Gravity data fusion using wavelet transform and window weighting: a case study in the Ross Sea of Antarctica

Satellite gravity anomaly data are characterized with wide coverage and high overall normalized quality, and these data can be used in large-scale regional structural research. However, detailed information on local areas is often missing after smoothing. High-resolution ship-borne gravity anomaly data can better identify fault zones and block boundaries at key locations, compensating for low-resolution satellite gravity data. In this study, comprehensive gravity data derived from multiple techniques are used based on wavelet transforms, the fusion rules for high- and low-frequency wavelet coefficients are established, and the complementary use and effective fusion of gravity data derived from multiple techniques are realized.

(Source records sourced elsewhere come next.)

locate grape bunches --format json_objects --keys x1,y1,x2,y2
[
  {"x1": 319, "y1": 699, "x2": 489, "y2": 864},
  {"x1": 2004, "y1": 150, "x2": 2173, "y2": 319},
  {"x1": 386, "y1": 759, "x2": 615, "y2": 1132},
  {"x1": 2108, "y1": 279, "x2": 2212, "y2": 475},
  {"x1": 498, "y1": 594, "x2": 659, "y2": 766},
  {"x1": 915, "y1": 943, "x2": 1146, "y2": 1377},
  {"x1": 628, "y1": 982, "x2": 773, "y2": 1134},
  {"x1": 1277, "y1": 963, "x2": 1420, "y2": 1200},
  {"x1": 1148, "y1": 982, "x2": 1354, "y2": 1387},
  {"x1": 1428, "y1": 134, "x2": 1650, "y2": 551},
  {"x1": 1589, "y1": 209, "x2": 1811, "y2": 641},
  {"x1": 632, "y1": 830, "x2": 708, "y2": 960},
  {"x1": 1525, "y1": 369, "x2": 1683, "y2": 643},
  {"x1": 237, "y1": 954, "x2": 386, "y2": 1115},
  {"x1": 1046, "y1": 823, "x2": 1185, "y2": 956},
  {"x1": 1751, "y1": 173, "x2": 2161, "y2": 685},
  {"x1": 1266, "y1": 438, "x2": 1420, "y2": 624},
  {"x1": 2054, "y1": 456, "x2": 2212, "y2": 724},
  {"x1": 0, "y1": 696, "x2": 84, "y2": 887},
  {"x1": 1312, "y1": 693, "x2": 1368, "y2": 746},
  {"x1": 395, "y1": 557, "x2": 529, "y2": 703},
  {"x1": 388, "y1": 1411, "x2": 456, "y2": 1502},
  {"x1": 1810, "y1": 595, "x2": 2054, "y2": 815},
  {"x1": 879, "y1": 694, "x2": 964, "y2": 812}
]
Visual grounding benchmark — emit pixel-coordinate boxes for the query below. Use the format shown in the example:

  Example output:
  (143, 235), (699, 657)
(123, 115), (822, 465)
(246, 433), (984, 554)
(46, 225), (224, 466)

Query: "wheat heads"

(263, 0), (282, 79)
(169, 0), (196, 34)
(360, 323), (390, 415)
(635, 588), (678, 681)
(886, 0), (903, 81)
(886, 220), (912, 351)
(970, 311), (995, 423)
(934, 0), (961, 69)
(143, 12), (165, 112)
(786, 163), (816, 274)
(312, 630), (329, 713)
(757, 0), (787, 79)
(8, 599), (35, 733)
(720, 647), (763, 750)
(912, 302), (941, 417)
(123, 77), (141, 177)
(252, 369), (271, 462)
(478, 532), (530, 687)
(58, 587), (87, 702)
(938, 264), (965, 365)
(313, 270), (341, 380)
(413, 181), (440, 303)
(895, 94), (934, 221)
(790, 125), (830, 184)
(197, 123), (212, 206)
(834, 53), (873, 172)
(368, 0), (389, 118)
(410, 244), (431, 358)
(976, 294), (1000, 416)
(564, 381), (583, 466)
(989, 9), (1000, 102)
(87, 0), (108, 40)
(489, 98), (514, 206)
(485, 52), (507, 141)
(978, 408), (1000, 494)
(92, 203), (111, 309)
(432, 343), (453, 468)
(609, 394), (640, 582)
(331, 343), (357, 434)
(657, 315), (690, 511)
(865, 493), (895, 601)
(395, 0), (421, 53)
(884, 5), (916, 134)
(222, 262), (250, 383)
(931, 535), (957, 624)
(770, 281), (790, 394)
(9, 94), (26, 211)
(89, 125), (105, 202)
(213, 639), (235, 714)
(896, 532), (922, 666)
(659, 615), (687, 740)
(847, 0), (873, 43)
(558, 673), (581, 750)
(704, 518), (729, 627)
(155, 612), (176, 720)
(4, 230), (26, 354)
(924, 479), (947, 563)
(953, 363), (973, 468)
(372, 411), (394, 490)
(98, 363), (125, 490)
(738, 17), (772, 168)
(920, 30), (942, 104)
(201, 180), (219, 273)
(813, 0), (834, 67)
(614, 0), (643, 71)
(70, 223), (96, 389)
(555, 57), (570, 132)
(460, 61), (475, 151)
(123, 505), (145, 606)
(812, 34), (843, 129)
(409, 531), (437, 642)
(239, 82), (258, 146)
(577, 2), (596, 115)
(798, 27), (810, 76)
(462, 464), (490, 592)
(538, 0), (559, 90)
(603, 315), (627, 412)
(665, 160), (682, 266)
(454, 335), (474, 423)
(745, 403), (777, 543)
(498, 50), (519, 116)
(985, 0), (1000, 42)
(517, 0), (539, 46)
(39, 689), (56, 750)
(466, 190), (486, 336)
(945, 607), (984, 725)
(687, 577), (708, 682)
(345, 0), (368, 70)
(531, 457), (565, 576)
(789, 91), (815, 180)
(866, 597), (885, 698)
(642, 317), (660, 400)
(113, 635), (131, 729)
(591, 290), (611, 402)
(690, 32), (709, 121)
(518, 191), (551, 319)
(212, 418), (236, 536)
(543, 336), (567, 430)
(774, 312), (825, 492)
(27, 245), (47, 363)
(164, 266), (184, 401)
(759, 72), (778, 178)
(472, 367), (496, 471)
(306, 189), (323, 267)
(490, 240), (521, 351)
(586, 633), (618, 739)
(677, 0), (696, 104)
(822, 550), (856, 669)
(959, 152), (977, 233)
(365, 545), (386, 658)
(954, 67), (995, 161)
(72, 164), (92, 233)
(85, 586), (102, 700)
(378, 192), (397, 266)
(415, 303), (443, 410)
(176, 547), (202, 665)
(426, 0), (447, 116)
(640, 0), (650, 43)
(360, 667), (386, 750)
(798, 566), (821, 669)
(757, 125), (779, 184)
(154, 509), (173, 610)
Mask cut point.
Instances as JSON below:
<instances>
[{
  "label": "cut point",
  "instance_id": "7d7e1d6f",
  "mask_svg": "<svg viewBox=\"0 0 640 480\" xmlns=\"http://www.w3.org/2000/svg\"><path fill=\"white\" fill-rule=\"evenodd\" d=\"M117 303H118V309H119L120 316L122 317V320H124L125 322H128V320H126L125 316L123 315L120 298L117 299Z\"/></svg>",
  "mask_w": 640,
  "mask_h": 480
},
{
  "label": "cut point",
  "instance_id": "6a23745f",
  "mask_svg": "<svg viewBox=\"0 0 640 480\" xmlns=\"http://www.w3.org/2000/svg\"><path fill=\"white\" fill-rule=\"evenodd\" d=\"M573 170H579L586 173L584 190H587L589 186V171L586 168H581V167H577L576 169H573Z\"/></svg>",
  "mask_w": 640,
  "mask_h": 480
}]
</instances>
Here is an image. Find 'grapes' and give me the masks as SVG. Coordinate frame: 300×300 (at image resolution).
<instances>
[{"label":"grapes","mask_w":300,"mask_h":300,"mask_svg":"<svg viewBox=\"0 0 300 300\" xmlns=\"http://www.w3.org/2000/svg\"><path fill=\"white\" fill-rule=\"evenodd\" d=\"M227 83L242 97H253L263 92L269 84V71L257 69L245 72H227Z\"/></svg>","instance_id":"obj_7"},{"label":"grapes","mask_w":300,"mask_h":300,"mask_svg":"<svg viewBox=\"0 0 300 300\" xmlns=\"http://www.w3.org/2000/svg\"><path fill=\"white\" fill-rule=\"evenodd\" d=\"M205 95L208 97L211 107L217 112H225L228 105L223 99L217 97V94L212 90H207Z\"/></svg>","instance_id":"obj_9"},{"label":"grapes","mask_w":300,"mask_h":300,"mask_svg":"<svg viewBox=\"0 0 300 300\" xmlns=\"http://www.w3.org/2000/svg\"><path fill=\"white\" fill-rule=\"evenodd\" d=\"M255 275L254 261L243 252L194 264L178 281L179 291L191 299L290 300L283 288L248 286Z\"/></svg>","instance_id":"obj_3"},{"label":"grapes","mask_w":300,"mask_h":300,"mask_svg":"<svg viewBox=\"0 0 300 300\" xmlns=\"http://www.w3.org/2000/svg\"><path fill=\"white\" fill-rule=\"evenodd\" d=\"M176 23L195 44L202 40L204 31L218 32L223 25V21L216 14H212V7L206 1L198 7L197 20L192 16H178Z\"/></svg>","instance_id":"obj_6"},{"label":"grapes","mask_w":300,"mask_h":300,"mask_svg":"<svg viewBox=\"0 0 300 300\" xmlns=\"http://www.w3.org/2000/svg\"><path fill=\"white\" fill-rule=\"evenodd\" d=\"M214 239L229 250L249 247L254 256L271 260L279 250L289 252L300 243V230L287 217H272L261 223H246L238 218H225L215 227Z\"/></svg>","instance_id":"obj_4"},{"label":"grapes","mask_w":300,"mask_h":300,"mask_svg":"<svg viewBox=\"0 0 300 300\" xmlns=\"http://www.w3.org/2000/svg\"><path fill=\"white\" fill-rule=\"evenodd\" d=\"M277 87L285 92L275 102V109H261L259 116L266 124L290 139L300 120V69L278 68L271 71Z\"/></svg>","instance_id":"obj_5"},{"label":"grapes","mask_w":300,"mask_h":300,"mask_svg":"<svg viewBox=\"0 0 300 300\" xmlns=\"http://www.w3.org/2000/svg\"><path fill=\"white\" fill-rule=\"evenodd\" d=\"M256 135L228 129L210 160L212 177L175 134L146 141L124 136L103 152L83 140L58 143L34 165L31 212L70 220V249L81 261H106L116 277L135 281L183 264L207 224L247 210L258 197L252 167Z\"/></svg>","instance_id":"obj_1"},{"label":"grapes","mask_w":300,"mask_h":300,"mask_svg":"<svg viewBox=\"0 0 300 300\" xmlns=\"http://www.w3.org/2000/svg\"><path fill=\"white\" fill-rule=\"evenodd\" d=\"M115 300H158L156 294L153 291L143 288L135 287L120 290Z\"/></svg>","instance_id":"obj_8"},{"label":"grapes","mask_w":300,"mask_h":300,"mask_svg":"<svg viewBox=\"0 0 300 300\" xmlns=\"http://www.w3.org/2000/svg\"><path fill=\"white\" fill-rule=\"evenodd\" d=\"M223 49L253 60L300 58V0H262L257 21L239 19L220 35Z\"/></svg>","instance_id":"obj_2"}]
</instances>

By collecting a large amount of ship-borne data in the Ross Sea of Antarctica, 1434 valid survey lines with a total length of 98,204 km are obtained in the study area. After adjustment, the root mean square of the crossover errors is ± 1.92 × 10^–5 m/s². Here, different wavelet functions and decomposition levels are used, the concept of window weighting is introduced, and the useful information of the two data types is further fused. Thus, higher-resolution data are obtained with less errors. When fusing all line data, the minimum RMS difference between the optimal fusion result and the ship measurement data is 1.64 × 10^–5 m/s², which increases the accuracy by 1.66 × 10^–5 m/s². When we adopt 80% data fusion and the remaining 20% data validation, although a considerable portion of the remaining side lines are still distributed in areas that the original side lines cannot cover, using this method can still effectively improve the accuracy of the fused data. This method can be applied to most gravity data.